THE TASK: From the line with "wire signed [25:0] s_1_out1;" to the line with "wire signed [34:0] SumA31_sub_cast_2;", retype every line exactly, including those two, and leave out the rest of the data below.

RECORDS PROVIDED:
● ● ● ●

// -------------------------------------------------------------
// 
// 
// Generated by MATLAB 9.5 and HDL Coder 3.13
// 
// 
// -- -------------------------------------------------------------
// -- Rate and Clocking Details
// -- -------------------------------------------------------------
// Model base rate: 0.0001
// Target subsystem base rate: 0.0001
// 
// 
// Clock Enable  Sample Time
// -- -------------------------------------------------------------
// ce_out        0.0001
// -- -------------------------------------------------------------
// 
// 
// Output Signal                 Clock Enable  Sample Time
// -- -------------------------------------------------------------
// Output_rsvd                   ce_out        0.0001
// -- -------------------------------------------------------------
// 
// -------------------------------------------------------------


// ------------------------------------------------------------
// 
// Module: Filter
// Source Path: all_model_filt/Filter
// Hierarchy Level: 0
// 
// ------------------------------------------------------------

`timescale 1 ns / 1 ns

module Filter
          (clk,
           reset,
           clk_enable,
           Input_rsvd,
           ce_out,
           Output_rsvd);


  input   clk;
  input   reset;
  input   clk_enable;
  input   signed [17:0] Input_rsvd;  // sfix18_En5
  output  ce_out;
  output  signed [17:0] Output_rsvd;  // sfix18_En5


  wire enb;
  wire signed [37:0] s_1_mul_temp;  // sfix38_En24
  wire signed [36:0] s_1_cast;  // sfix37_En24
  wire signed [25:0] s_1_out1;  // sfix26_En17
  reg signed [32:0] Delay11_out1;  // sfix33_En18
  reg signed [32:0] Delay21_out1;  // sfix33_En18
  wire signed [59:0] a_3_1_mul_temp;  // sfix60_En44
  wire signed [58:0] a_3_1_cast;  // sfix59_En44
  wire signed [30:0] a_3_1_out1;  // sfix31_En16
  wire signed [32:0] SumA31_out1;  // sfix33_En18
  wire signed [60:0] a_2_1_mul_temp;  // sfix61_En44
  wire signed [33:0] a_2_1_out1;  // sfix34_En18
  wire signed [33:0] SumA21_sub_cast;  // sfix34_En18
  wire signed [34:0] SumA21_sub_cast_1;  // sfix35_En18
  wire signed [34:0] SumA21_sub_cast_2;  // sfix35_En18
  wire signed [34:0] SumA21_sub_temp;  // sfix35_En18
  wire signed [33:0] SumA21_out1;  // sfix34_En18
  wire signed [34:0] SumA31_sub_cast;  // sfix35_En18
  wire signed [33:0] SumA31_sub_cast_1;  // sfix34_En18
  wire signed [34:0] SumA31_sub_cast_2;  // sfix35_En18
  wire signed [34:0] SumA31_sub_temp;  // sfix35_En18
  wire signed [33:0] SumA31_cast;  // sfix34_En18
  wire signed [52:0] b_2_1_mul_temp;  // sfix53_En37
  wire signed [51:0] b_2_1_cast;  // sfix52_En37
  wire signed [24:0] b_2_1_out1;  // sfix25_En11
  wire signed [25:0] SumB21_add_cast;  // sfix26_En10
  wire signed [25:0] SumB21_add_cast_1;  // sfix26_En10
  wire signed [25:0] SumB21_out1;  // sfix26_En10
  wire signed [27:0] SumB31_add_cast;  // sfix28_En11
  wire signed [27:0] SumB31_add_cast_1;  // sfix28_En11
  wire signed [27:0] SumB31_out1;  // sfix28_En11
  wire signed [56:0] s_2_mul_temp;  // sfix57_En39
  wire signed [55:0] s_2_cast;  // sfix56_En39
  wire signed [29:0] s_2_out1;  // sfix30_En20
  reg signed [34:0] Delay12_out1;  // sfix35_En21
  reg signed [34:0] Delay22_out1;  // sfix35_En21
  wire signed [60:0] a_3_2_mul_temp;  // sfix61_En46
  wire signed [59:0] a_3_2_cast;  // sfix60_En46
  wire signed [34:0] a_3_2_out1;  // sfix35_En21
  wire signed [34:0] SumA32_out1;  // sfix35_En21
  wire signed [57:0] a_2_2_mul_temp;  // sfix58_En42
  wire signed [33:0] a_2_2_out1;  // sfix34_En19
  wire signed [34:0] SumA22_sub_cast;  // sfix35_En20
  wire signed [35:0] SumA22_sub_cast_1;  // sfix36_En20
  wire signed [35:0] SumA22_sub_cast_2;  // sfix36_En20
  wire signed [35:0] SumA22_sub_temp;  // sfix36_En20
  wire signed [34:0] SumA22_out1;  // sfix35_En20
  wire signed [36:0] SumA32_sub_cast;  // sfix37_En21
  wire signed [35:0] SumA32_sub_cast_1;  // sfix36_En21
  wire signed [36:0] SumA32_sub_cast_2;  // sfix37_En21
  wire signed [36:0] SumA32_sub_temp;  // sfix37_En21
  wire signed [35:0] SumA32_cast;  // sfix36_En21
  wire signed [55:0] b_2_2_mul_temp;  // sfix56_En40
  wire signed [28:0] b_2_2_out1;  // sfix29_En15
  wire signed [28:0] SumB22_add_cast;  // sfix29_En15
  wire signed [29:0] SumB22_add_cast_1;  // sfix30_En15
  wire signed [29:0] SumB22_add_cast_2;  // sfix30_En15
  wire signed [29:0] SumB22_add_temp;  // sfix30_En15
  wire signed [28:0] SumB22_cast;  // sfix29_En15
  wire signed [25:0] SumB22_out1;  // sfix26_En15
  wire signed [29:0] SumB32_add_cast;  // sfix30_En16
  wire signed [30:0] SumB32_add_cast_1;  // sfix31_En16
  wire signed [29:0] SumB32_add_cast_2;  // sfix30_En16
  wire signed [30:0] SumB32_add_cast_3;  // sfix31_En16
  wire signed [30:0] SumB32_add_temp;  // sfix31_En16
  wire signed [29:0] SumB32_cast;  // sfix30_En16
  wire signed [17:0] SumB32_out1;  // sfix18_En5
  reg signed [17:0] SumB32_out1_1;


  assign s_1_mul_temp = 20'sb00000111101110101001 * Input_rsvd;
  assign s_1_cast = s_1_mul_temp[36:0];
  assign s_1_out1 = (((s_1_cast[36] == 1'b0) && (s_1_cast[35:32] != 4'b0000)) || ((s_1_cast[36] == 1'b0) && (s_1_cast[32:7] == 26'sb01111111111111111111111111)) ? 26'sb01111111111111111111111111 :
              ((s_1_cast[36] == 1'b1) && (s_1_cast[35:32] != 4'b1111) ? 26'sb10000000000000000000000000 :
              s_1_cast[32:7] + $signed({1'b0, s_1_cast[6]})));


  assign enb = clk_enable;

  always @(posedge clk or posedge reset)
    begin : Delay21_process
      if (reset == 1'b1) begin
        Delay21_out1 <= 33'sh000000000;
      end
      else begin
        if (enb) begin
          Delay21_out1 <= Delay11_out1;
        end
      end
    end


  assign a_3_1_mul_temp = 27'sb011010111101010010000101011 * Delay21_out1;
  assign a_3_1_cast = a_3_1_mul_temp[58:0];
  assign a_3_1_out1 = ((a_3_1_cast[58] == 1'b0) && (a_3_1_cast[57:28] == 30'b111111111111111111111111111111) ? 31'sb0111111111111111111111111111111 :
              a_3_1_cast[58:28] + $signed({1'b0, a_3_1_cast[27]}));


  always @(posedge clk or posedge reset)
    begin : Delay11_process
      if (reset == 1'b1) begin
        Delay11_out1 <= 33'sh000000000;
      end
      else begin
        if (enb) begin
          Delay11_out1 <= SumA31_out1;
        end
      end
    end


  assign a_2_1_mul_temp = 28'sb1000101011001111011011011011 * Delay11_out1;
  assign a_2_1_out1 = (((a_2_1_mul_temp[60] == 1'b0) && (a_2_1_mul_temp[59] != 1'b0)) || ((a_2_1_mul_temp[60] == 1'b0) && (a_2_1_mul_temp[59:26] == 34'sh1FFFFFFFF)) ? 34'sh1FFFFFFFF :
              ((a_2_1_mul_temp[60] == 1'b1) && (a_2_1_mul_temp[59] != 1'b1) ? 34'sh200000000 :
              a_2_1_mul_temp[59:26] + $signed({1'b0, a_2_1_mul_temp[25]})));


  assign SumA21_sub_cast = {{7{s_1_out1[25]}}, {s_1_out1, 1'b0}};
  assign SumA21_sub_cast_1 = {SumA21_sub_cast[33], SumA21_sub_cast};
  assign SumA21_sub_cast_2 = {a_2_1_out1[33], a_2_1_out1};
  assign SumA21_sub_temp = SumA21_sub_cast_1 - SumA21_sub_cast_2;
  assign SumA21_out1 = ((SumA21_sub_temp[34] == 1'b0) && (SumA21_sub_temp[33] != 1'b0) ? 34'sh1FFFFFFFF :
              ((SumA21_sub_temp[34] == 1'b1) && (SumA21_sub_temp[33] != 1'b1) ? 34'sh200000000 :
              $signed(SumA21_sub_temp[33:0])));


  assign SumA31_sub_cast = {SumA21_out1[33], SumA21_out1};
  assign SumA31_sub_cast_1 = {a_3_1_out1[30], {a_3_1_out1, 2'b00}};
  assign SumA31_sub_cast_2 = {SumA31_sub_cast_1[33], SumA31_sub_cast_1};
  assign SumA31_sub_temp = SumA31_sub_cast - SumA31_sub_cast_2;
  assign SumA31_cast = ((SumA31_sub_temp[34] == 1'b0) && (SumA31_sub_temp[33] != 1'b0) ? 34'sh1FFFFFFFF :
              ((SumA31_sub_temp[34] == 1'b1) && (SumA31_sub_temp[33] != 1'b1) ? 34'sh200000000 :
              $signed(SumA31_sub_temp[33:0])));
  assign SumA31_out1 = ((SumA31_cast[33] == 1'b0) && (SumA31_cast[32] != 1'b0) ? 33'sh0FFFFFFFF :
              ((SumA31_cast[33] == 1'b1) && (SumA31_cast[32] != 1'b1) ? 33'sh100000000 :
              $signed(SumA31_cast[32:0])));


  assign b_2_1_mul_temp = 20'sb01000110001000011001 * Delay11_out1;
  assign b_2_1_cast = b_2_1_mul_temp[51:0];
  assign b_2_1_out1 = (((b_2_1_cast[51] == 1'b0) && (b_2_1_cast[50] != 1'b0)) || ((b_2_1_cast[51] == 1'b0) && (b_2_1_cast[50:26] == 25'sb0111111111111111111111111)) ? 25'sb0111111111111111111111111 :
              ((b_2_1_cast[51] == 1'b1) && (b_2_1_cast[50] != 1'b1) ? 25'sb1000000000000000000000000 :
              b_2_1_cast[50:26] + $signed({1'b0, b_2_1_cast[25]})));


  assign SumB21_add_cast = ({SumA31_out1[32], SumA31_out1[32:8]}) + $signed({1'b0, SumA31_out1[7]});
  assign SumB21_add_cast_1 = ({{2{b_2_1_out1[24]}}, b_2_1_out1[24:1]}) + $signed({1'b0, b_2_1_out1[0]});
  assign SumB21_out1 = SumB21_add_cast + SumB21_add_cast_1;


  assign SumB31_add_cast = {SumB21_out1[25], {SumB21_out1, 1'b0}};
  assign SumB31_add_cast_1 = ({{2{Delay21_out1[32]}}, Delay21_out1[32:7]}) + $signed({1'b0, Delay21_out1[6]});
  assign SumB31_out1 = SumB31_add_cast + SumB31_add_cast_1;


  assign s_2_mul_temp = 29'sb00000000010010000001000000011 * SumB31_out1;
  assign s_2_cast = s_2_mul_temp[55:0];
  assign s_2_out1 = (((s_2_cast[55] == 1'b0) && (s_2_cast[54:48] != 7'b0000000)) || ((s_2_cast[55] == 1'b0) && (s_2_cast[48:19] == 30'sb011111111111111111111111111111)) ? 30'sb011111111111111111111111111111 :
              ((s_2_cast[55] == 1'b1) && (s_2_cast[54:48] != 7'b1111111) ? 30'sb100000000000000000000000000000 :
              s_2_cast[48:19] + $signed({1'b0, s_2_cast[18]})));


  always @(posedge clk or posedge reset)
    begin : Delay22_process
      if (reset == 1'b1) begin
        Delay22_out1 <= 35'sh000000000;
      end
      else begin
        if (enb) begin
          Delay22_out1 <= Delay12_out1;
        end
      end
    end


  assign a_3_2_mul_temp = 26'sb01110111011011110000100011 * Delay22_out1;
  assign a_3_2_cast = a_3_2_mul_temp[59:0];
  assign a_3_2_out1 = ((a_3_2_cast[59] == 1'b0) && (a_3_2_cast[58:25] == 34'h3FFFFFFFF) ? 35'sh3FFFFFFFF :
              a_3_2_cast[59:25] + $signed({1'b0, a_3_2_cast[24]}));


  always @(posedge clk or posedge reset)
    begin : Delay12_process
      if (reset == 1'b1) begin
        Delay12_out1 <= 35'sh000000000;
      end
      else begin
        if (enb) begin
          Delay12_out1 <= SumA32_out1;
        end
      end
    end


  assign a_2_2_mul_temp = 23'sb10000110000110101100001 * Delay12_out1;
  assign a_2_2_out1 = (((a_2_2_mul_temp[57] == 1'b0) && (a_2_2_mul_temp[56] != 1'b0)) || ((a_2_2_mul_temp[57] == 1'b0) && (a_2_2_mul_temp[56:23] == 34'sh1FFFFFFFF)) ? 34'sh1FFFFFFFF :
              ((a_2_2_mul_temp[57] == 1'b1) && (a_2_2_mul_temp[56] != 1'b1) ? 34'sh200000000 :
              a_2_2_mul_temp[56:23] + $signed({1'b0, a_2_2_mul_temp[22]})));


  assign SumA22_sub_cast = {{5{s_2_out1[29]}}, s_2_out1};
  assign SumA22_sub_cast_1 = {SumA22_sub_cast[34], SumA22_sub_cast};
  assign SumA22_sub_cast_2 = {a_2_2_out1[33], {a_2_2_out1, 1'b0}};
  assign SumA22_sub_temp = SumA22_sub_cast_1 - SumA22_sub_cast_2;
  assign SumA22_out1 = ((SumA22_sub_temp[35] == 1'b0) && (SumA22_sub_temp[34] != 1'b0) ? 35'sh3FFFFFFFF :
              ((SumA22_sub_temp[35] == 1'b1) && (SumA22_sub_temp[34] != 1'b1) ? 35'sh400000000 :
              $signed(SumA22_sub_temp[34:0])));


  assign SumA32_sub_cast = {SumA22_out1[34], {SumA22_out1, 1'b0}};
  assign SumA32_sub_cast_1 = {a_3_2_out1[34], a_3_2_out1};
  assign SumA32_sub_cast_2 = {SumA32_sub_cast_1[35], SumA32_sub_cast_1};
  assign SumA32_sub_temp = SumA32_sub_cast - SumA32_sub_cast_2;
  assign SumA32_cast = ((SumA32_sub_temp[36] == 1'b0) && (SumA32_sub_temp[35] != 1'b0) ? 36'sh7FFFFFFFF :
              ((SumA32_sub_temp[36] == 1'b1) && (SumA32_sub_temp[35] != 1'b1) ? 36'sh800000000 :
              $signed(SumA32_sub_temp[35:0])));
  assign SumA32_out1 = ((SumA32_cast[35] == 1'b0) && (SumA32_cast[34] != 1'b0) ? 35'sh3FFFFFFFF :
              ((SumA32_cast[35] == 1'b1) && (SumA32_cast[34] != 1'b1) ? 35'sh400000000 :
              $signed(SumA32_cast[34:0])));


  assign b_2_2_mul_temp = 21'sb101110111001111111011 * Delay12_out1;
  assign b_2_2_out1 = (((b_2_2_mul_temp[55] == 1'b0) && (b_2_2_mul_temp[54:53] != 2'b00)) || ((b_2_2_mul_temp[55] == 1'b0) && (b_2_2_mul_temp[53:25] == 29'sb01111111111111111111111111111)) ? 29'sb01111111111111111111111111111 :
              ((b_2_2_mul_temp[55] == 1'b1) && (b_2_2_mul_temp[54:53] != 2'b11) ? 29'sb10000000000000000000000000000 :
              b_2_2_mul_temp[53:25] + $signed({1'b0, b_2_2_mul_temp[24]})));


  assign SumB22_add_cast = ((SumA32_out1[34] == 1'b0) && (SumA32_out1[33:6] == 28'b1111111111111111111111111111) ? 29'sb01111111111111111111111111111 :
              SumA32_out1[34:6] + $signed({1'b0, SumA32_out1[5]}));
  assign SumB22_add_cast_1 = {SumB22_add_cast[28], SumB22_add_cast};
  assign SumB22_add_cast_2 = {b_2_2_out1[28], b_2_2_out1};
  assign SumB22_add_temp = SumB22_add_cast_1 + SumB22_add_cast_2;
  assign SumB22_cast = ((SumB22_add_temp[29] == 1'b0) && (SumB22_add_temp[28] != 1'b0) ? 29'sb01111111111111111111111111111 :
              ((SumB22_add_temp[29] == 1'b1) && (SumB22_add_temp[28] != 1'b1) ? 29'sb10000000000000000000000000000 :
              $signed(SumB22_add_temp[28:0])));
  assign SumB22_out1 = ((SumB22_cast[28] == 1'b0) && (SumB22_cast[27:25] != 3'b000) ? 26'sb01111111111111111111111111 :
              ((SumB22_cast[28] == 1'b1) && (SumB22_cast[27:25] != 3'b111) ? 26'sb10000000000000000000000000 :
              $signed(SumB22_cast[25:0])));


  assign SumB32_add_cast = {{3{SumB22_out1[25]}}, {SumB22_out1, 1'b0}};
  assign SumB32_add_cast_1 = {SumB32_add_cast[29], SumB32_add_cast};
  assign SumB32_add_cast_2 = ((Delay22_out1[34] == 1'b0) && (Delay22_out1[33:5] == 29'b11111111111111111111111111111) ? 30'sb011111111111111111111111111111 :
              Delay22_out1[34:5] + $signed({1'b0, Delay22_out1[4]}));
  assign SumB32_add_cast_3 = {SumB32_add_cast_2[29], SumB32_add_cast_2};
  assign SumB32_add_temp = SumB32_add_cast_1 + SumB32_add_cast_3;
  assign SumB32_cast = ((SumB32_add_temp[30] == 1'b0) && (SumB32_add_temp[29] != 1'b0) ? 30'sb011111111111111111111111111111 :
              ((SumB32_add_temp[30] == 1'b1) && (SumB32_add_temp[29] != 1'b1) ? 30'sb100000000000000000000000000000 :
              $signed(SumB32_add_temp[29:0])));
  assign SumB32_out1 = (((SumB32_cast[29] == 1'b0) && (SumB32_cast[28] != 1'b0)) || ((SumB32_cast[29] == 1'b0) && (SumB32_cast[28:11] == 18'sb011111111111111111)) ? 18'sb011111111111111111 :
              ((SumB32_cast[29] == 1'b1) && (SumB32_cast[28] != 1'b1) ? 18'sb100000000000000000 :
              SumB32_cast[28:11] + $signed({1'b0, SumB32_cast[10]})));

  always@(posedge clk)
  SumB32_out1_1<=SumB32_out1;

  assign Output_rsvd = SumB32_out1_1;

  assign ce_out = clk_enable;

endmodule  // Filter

● ● ● ●

OUTPUT OF THE TASK:
  wire signed [25:0] s_1_out1;  // sfix26_En17
  reg signed [32:0] Delay11_out1;  // sfix33_En18
  reg signed [32:0] Delay21_out1;  // sfix33_En18
  wire signed [59:0] a_3_1_mul_temp;  // sfix60_En44
  wire signed [58:0] a_3_1_cast;  // sfix59_En44
  wire signed [30:0] a_3_1_out1;  // sfix31_En16
  wire signed [32:0] SumA31_out1;  // sfix33_En18
  wire signed [60:0] a_2_1_mul_temp;  // sfix61_En44
  wire signed [33:0] a_2_1_out1;  // sfix34_En18
  wire signed [33:0] SumA21_sub_cast;  // sfix34_En18
  wire signed [34:0] SumA21_sub_cast_1;  // sfix35_En18
  wire signed [34:0] SumA21_sub_cast_2;  // sfix35_En18
  wire signed [34:0] SumA21_sub_temp;  // sfix35_En18
  wire signed [33:0] SumA21_out1;  // sfix34_En18
  wire signed [34:0] SumA31_sub_cast;  // sfix35_En18
  wire signed [33:0] SumA31_sub_cast_1;  // sfix34_En18
  wire signed [34:0] SumA31_sub_cast_2;  // sfix35_En18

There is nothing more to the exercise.